Please could you advise?!
We currently rent a house on a private manor house estate, it is quiet with around 30 other houses and apartments, no busy roads though cars come and go and lots of woodland/ gardens/ parkland. There are neighbours who own cats that wander the grounds of the estate.
For the past month we have been visited by this little fella/lady (see photo) who sits and waits by our patio door, is confident in walking in the house, is very friendly towards us (rubs against us, licks my hand, wants a lot of fuss, tail vibrates etc) and isn't jumpy or nervous at all.
I have asked two separate long standing residents as to who the owner of the cat is, both have replied that he doesn't belong to anyone, that a few different neighbours feed him, that they believe a previous resident left him when they moved.
My dilemma is this. I love the cat and would love to adopt him but we are moving house in about two weeks, to a less rural location (not city, just a suburban street). Am I wrong to consider taking him in, or better to leave him in an environment that is familiar?

Jo4040 Sat 01-Aug-15 20:36:45

Take him in. Keep him in when you move, see how it go's. If he's not happy to you might have to take him back, however with him being quite confident he might just adapt.

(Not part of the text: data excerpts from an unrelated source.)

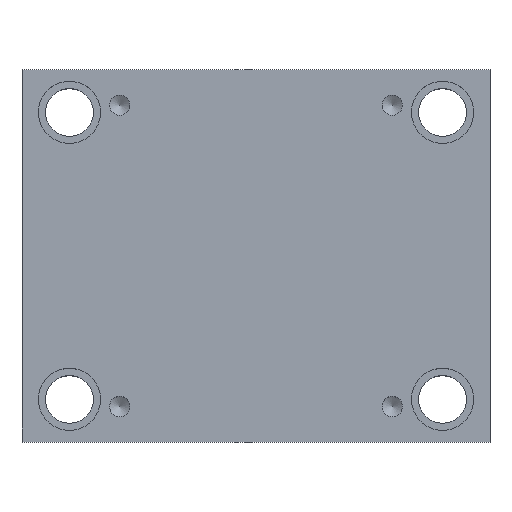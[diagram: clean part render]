
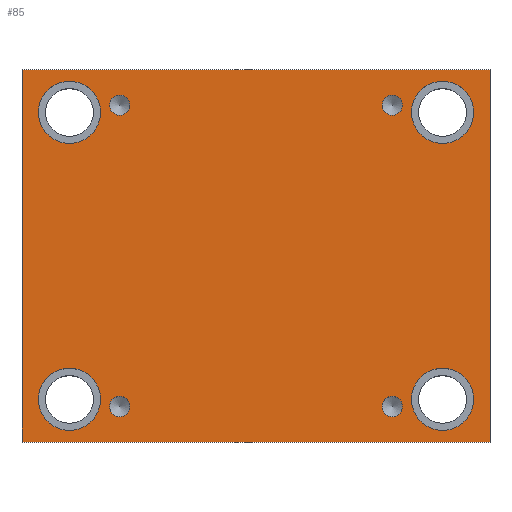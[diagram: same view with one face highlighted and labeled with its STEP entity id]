
A CAD part, top view. The second image highlights one B-rep face of the part: STEP entity #85.
In plain terms, the highlighted planar face has unit normal (0, 0, 1).
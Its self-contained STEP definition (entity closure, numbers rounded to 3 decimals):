
#85 = ADVANCED_FACE( '', ( #128, #129, #130, #131, #132, #133, #134, #135, #136 ), #137, .T. );
#128 = FACE_BOUND( '', #212, .T. );
#129 = FACE_BOUND( '', #213, .T. );
#130 = FACE_BOUND( '', #214, .T. );
#131 = FACE_BOUND( '', #215, .T. );
#132 = FACE_BOUND( '', #216, .T. );
#133 = FACE_BOUND( '', #217, .T. );
#134 = FACE_BOUND( '', #218, .T. );
#135 = FACE_BOUND( '', #219, .T. );
#136 = FACE_OUTER_BOUND( '', #220, .T. );
#137 = PLANE( '', #221 );
#212 = EDGE_LOOP( '', ( #327 ) );
#213 = EDGE_LOOP( '', ( #328 ) );
#214 = EDGE_LOOP( '', ( #329 ) );
#215 = EDGE_LOOP( '', ( #330 ) );
#216 = EDGE_LOOP( '', ( #331 ) );
#217 = EDGE_LOOP( '', ( #332 ) );
#218 = EDGE_LOOP( '', ( #333 ) );
#219 = EDGE_LOOP( '', ( #334 ) );
#220 = EDGE_LOOP( '', ( #335, #336, #337, #338 ) );
#221 = AXIS2_PLACEMENT_3D( '', #339, #340, #341 );
#327 = ORIENTED_EDGE( '', *, *, #433, .T. );
#328 = ORIENTED_EDGE( '', *, *, #448, .T. );
#329 = ORIENTED_EDGE( '', *, *, #449, .T. );
#330 = ORIENTED_EDGE( '', *, *, #450, .T. );
#331 = ORIENTED_EDGE( '', *, *, #451, .T. );
#332 = ORIENTED_EDGE( '', *, *, #452, .T. );
#333 = ORIENTED_EDGE( '', *, *, #453, .T. );
#334 = ORIENTED_EDGE( '', *, *, #454, .T. );
#335 = ORIENTED_EDGE( '', *, *, #429, .T. );
#336 = ORIENTED_EDGE( '', *, *, #438, .T. );
#337 = ORIENTED_EDGE( '', *, *, #441, .T. );
#338 = ORIENTED_EDGE( '', *, *, #443, .T. );
#339 = CARTESIAN_POINT( '', ( -97.85, 77.85, 76. ) );
#340 = DIRECTION( '', ( 0., 0., 1. ) );
#341 = DIRECTION( '', ( 1., 0., 0. ) );
#429 = EDGE_CURVE( '', #472, #470, #473, .T. );
#433 = EDGE_CURVE( '', #477, #477, #478, .T. );
#438 = EDGE_CURVE( '', #470, #483, #485, .T. );
#441 = EDGE_CURVE( '', #483, #488, #490, .T. );
#443 = EDGE_CURVE( '', #488, #472, #492, .T. );
#448 = EDGE_CURVE( '', #501, #501, #502, .T. );
#449 = EDGE_CURVE( '', #503, #503, #504, .T. );
#450 = EDGE_CURVE( '', #505, #505, #506, .T. );
#451 = EDGE_CURVE( '', #507, #507, #508, .T. );
#452 = EDGE_CURVE( '', #509, #509, #510, .T. );
#453 = EDGE_CURVE( '', #511, #511, #512, .T. );
#454 = EDGE_CURVE( '', #513, #513, #514, .T. );
#470 = VERTEX_POINT( '', #539 );
#472 = VERTEX_POINT( '', #542 );
#473 = LINE( '', #543, #544 );
#477 = VERTEX_POINT( '', #549 );
#478 = CIRCLE( '', #550, 4.25 );
#483 = VERTEX_POINT( '', #556 );
#485 = LINE( '', #559, #560 );
#488 = VERTEX_POINT( '', #564 );
#490 = LINE( '', #567, #568 );
#492 = LINE( '', #571, #572 );
#501 = VERTEX_POINT( '', #581 );
#502 = CIRCLE( '', #582, 4.25 );
#503 = VERTEX_POINT( '', #583 );
#504 = CIRCLE( '', #584, 4.25 );
#505 = VERTEX_POINT( '', #585 );
#506 = CIRCLE( '', #586, 4.25 );
#507 = VERTEX_POINT( '', #587 );
#508 = CIRCLE( '', #588, 13. );
#509 = VERTEX_POINT( '', #589 );
#510 = CIRCLE( '', #590, 13. );
#511 = VERTEX_POINT( '', #591 );
#512 = CIRCLE( '', #592, 13. );
#513 = VERTEX_POINT( '', #593 );
#514 = CIRCLE( '', #594, 13. );
#539 = CARTESIAN_POINT( '', ( -97.85, 77.85, 76. ) );
#542 = CARTESIAN_POINT( '', ( 97.85, 77.85, 76. ) );
#543 = CARTESIAN_POINT( '', ( 97.85, 77.85, 76. ) );
#544 = VECTOR( '', #617, 1000. );
#549 = CARTESIAN_POINT( '', ( -57., -67.25, 76. ) );
#550 = AXIS2_PLACEMENT_3D( '', #622, #623, #624 );
#556 = CARTESIAN_POINT( '', ( -97.85, -77.85, 76. ) );
#559 = CARTESIAN_POINT( '', ( -97.85, 77.85, 76. ) );
#560 = VECTOR( '', #630, 1000. );
#564 = CARTESIAN_POINT( '', ( 97.85, -77.85, 76. ) );
#567 = CARTESIAN_POINT( '', ( -97.85, -77.85, 76. ) );
#568 = VECTOR( '', #633, 1000. );
#571 = CARTESIAN_POINT( '', ( 97.85, -77.85, 76. ) );
#572 = VECTOR( '', #635, 1000. );
#581 = CARTESIAN_POINT( '', ( 57., -67.25, 76. ) );
#582 = AXIS2_PLACEMENT_3D( '', #648, #649, #650 );
#583 = CARTESIAN_POINT( '', ( 57., 58.75, 76. ) );
#584 = AXIS2_PLACEMENT_3D( '', #651, #652, #653 );
#585 = CARTESIAN_POINT( '', ( -57., 58.75, 76. ) );
#586 = AXIS2_PLACEMENT_3D( '', #654, #655, #656 );
#587 = CARTESIAN_POINT( '', ( 78., -73., 76. ) );
#588 = AXIS2_PLACEMENT_3D( '', #657, #658, #659 );
#589 = CARTESIAN_POINT( '', ( -78., -73., 76. ) );
#590 = AXIS2_PLACEMENT_3D( '', #660, #661, #662 );
#591 = CARTESIAN_POINT( '', ( -78., 47., 76. ) );
#592 = AXIS2_PLACEMENT_3D( '', #663, #664, #665 );
#593 = CARTESIAN_POINT( '', ( 78., 47., 76. ) );
#594 = AXIS2_PLACEMENT_3D( '', #666, #667, #668 );
#617 = DIRECTION( '', ( -1., 0., 0. ) );
#622 = CARTESIAN_POINT( '', ( -57., -63., 76. ) );
#623 = DIRECTION( '', ( 0., 0., -1. ) );
#624 = DIRECTION( '', ( 0., -1., 0. ) );
#630 = DIRECTION( '', ( 0., -1., 0. ) );
#633 = DIRECTION( '', ( 1., 0., 0. ) );
#635 = DIRECTION( '', ( 0., 1., 0. ) );
#648 = CARTESIAN_POINT( '', ( 57., -63., 76. ) );
#649 = DIRECTION( '', ( 0., 0., -1. ) );
#650 = DIRECTION( '', ( 0., -1., 0. ) );
#651 = CARTESIAN_POINT( '', ( 57., 63., 76. ) );
#652 = DIRECTION( '', ( 0., 0., -1. ) );
#653 = DIRECTION( '', ( 0., -1., 0. ) );
#654 = CARTESIAN_POINT( '', ( -57., 63., 76. ) );
#655 = DIRECTION( '', ( 0., 0., -1. ) );
#656 = DIRECTION( '', ( 0., -1., 0. ) );
#657 = CARTESIAN_POINT( '', ( 78., -60., 76. ) );
#658 = DIRECTION( '', ( 0., 0., -1. ) );
#659 = DIRECTION( '', ( 0., -1., 0. ) );
#660 = CARTESIAN_POINT( '', ( -78., -60., 76. ) );
#661 = DIRECTION( '', ( 0., 0., -1. ) );
#662 = DIRECTION( '', ( 0., -1., 0. ) );
#663 = CARTESIAN_POINT( '', ( -78., 60., 76. ) );
#664 = DIRECTION( '', ( 0., 0., -1. ) );
#665 = DIRECTION( '', ( 0., -1., 0. ) );
#666 = CARTESIAN_POINT( '', ( 78., 60., 76. ) );
#667 = DIRECTION( '', ( 0., 0., -1. ) );
#668 = DIRECTION( '', ( 0., -1., 0. ) );

pumpkinpie5 Sat 01-Aug-15 20:42:17

I'm going to stick my neck out and say that cat is female. Especially given that it is tortoushell. If you are seriously considering taking it I would take it to the vets and ask them to scan it for a chip so you can be sure she's not living somewhere nearby. At the same time get the vet to give her a basic health check so you know you are not going to be taking on problems. If all this is ok, I see no problem with moving her and would agree with pp re: keeping her in for 10 days to ensure she is settled before letting her out. Also get her vaccinated and chipped for peace of mind in case she is inclined to wander. Good luck!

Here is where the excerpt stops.